## [Your assignment]
When you write out the records, keep every word exact and drop the pictures.

#### Source material

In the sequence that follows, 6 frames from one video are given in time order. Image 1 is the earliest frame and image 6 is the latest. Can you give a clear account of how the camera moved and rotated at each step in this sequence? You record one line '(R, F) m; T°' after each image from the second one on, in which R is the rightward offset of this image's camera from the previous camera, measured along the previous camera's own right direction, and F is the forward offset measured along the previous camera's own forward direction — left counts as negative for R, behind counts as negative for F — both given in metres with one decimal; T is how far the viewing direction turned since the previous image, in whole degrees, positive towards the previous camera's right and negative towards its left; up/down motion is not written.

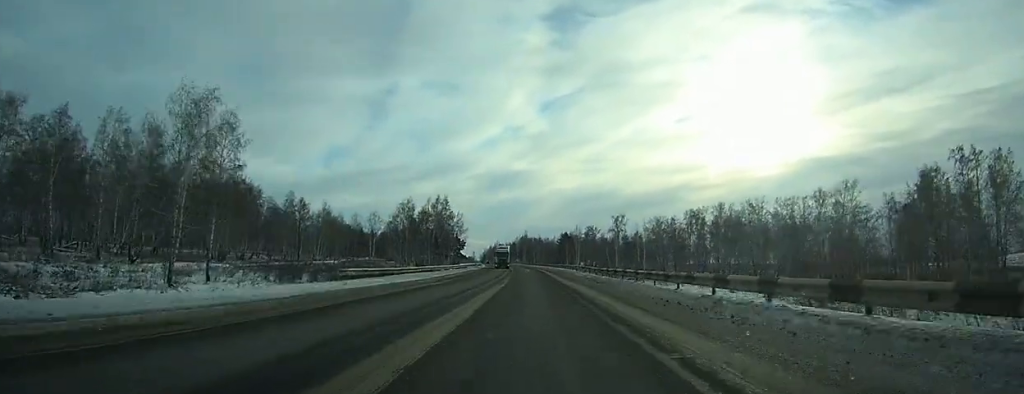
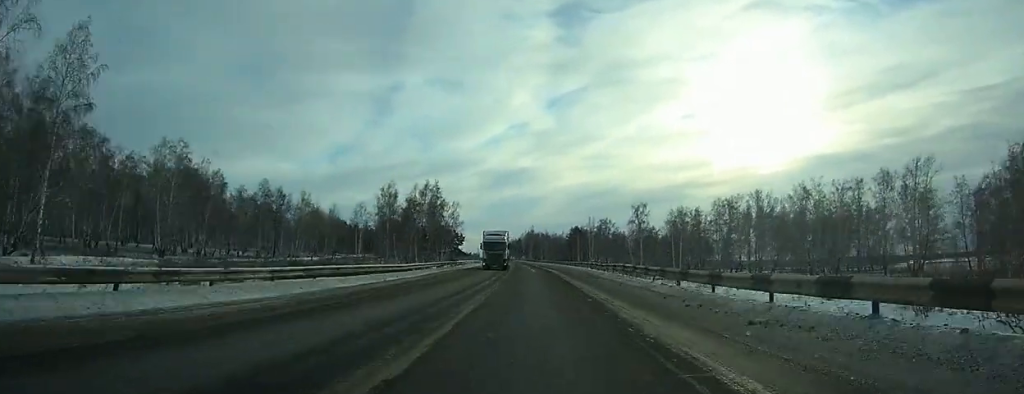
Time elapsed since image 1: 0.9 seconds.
(-0.2, +27.2) m; -1°
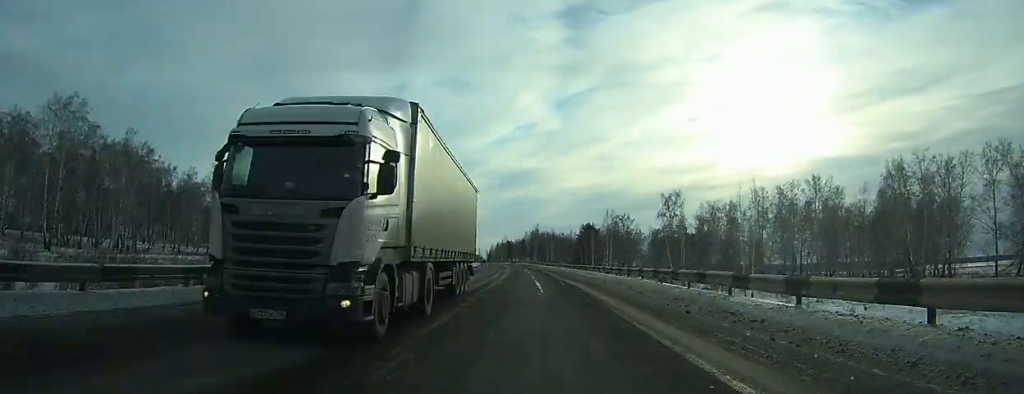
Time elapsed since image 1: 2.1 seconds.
(-0.1, +32.5) m; -1°
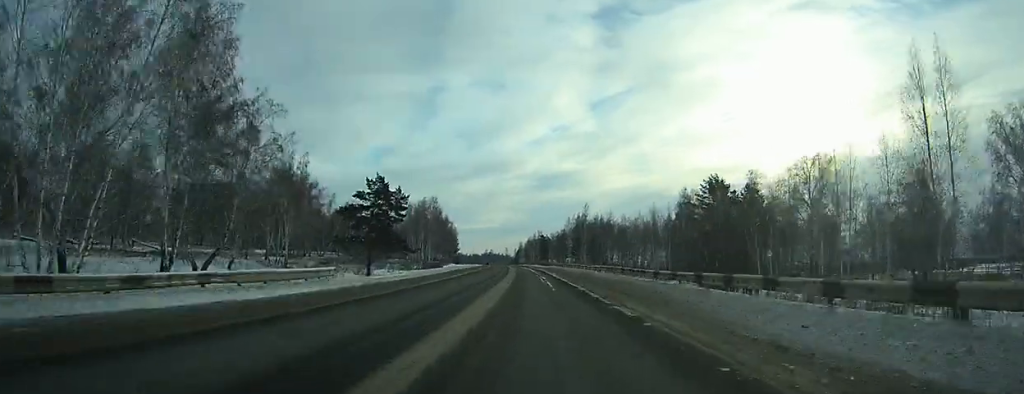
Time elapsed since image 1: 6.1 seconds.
(-3.3, +105.7) m; -4°
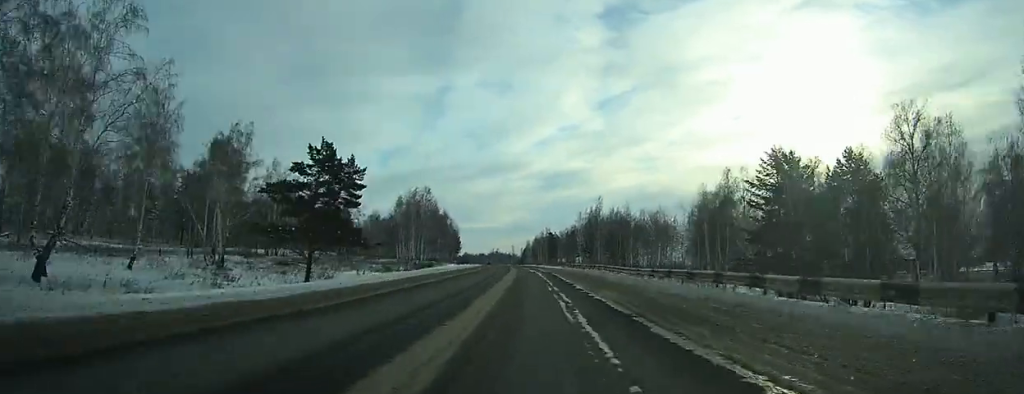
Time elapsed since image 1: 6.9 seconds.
(-0.3, +19.6) m; -1°
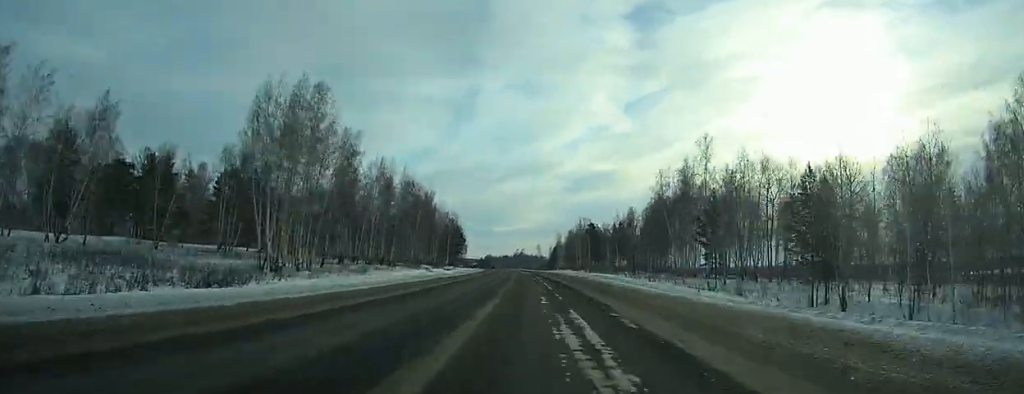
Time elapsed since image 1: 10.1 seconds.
(-2.0, +82.7) m; -1°
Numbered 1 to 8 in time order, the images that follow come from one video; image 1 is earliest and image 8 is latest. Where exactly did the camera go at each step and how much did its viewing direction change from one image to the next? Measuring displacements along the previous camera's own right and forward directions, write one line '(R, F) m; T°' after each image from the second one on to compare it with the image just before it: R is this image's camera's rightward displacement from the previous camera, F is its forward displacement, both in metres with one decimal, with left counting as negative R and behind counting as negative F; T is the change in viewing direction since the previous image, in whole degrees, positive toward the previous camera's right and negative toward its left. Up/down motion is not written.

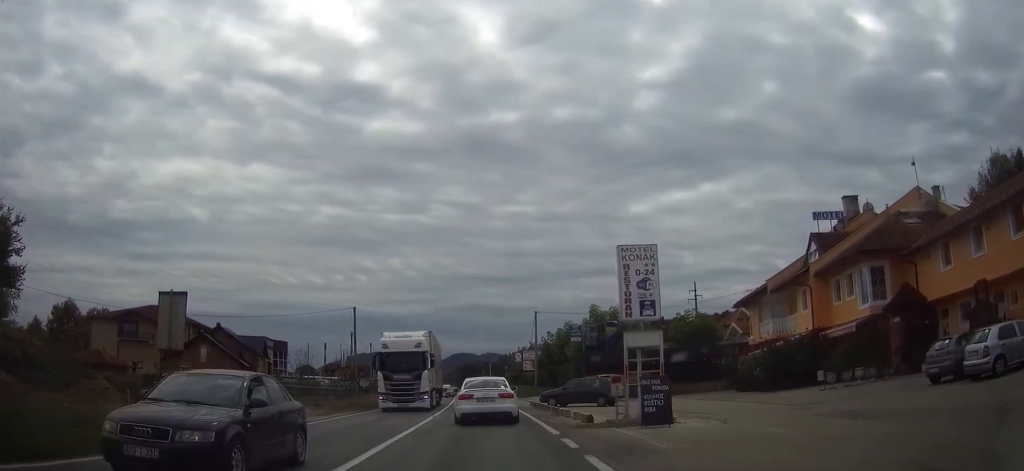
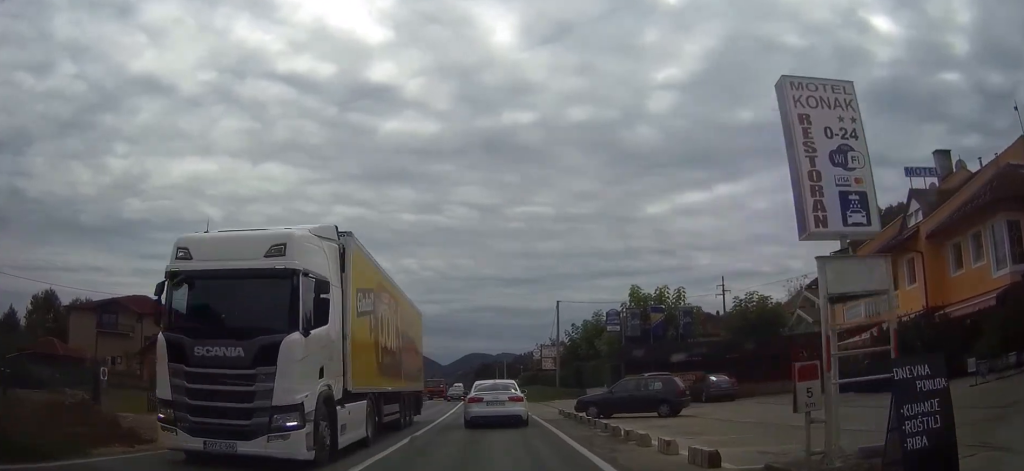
(0.0, +10.6) m; -1°
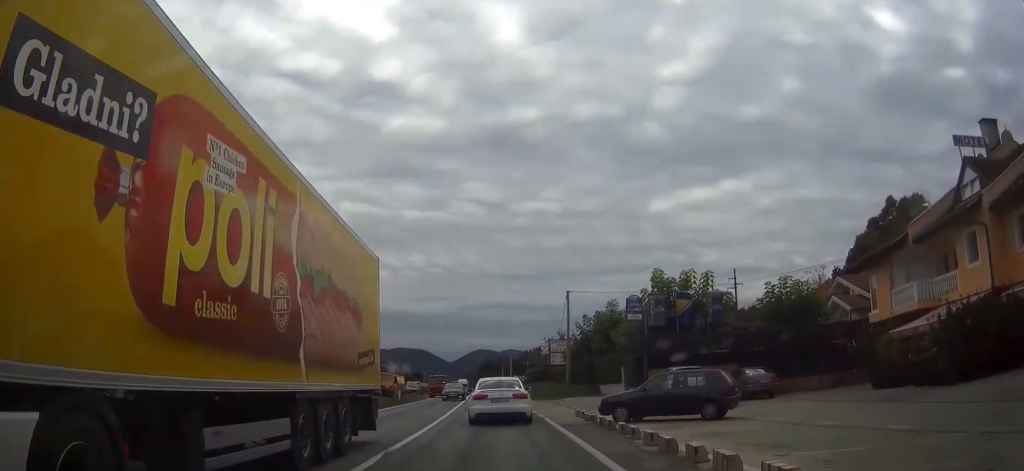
(0.0, +4.7) m; -1°
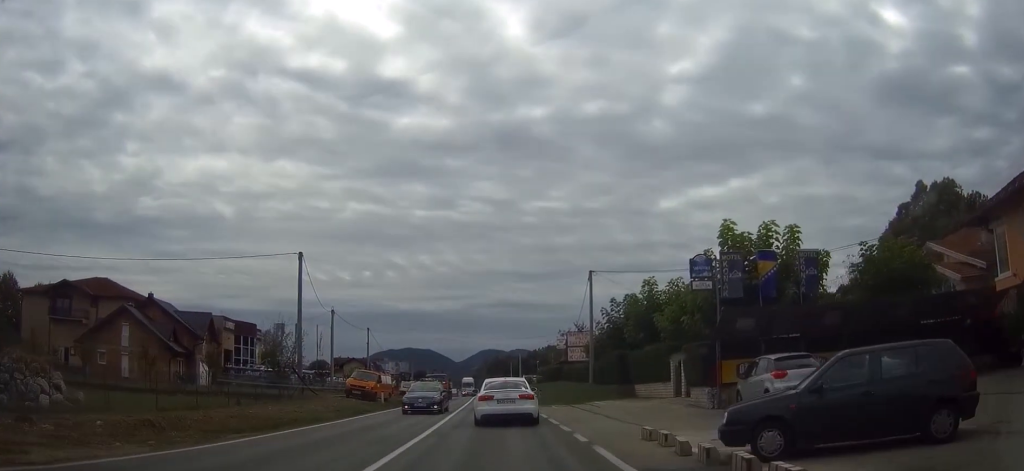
(-0.1, +10.5) m; -1°
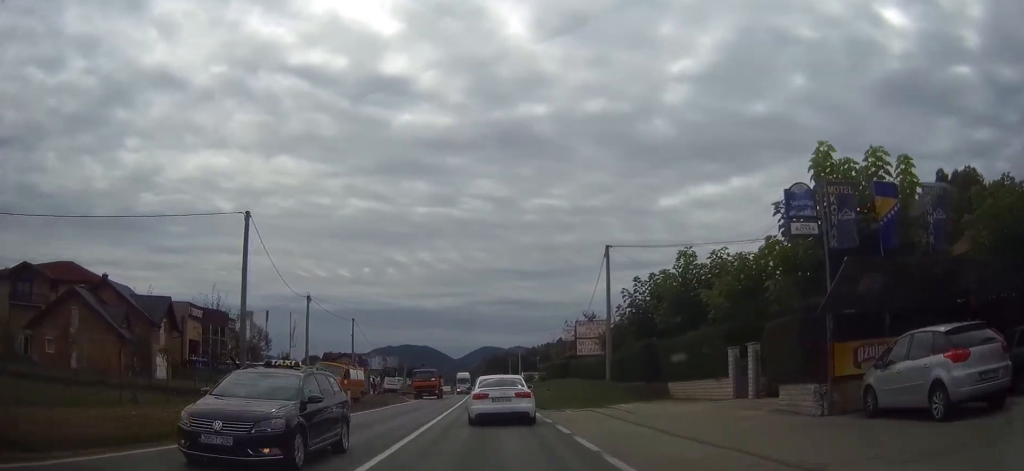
(0.0, +8.6) m; 0°
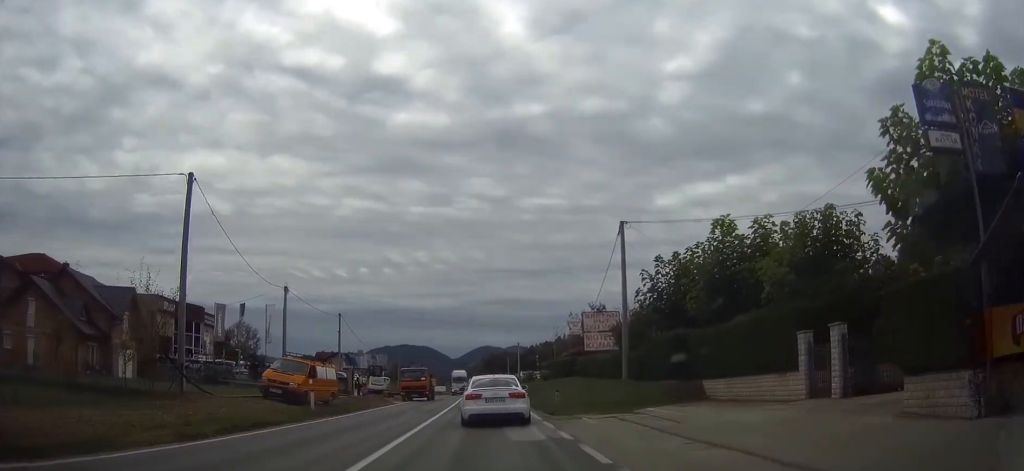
(0.0, +6.1) m; 0°
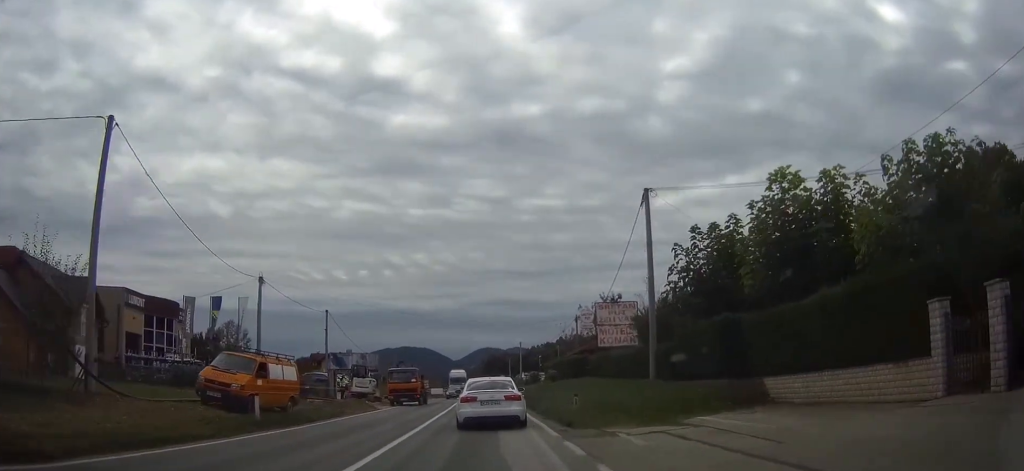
(0.0, +6.2) m; 0°
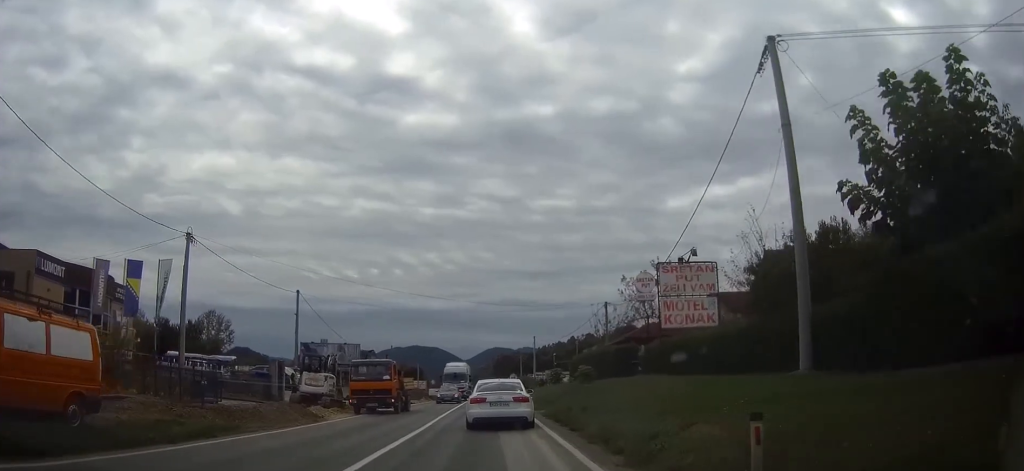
(-0.2, +14.0) m; -1°

########

## [Response to the exercise]
In the sequence that follows, 6 frames from one video are given in time order. Image 1 is the earliest frame and image 6 is the latest. Can you give a clear account of how the camera moved and rotated at each step in this sequence? You record one line '(R, F) m; T°' after each image from the second one on, in which R is the rightward offset of this image's camera from the previous camera, measured along the previous camera's own right direction, and F is the forward offset measured along the previous camera's own forward direction — left counts as negative for R, behind counts as negative for F — both given in metres with one decimal; T is how far the viewing direction turned since the previous image, in whole degrees, positive towards the previous camera's right and negative towards its left; up/down motion is not written.

Time elapsed since image 1: 0.9 seconds.
(-0.2, +27.2) m; -1°
Time elapsed since image 1: 2.1 seconds.
(-0.1, +32.5) m; -1°
Time elapsed since image 1: 6.1 seconds.
(-3.3, +105.7) m; -4°
Time elapsed since image 1: 6.9 seconds.
(-0.3, +19.6) m; -1°
Time elapsed since image 1: 10.1 seconds.
(-2.0, +82.7) m; -1°
Numbered 1 to 8 in time order, the images that follow come from one video; image 1 is earliest and image 8 is latest. Where exactly did the camera go at each step and how much did its viewing direction change from one image to the next? Measuring displacements along the previous camera's own right and forward directions, write one line '(R, F) m; T°' after each image from the second one on to compare it with the image just before it: R is this image's camera's rightward displacement from the previous camera, F is its forward displacement, both in metres with one decimal, with left counting as negative R and behind counting as negative F; T is the change in viewing direction since the previous image, in whole degrees, positive toward the previous camera's right and negative toward its left. Up/down motion is not written.

(0.0, +10.6) m; -1°
(0.0, +4.7) m; -1°
(-0.1, +10.5) m; -1°
(0.0, +8.6) m; 0°
(0.0, +6.1) m; 0°
(0.0, +6.2) m; 0°
(-0.2, +14.0) m; -1°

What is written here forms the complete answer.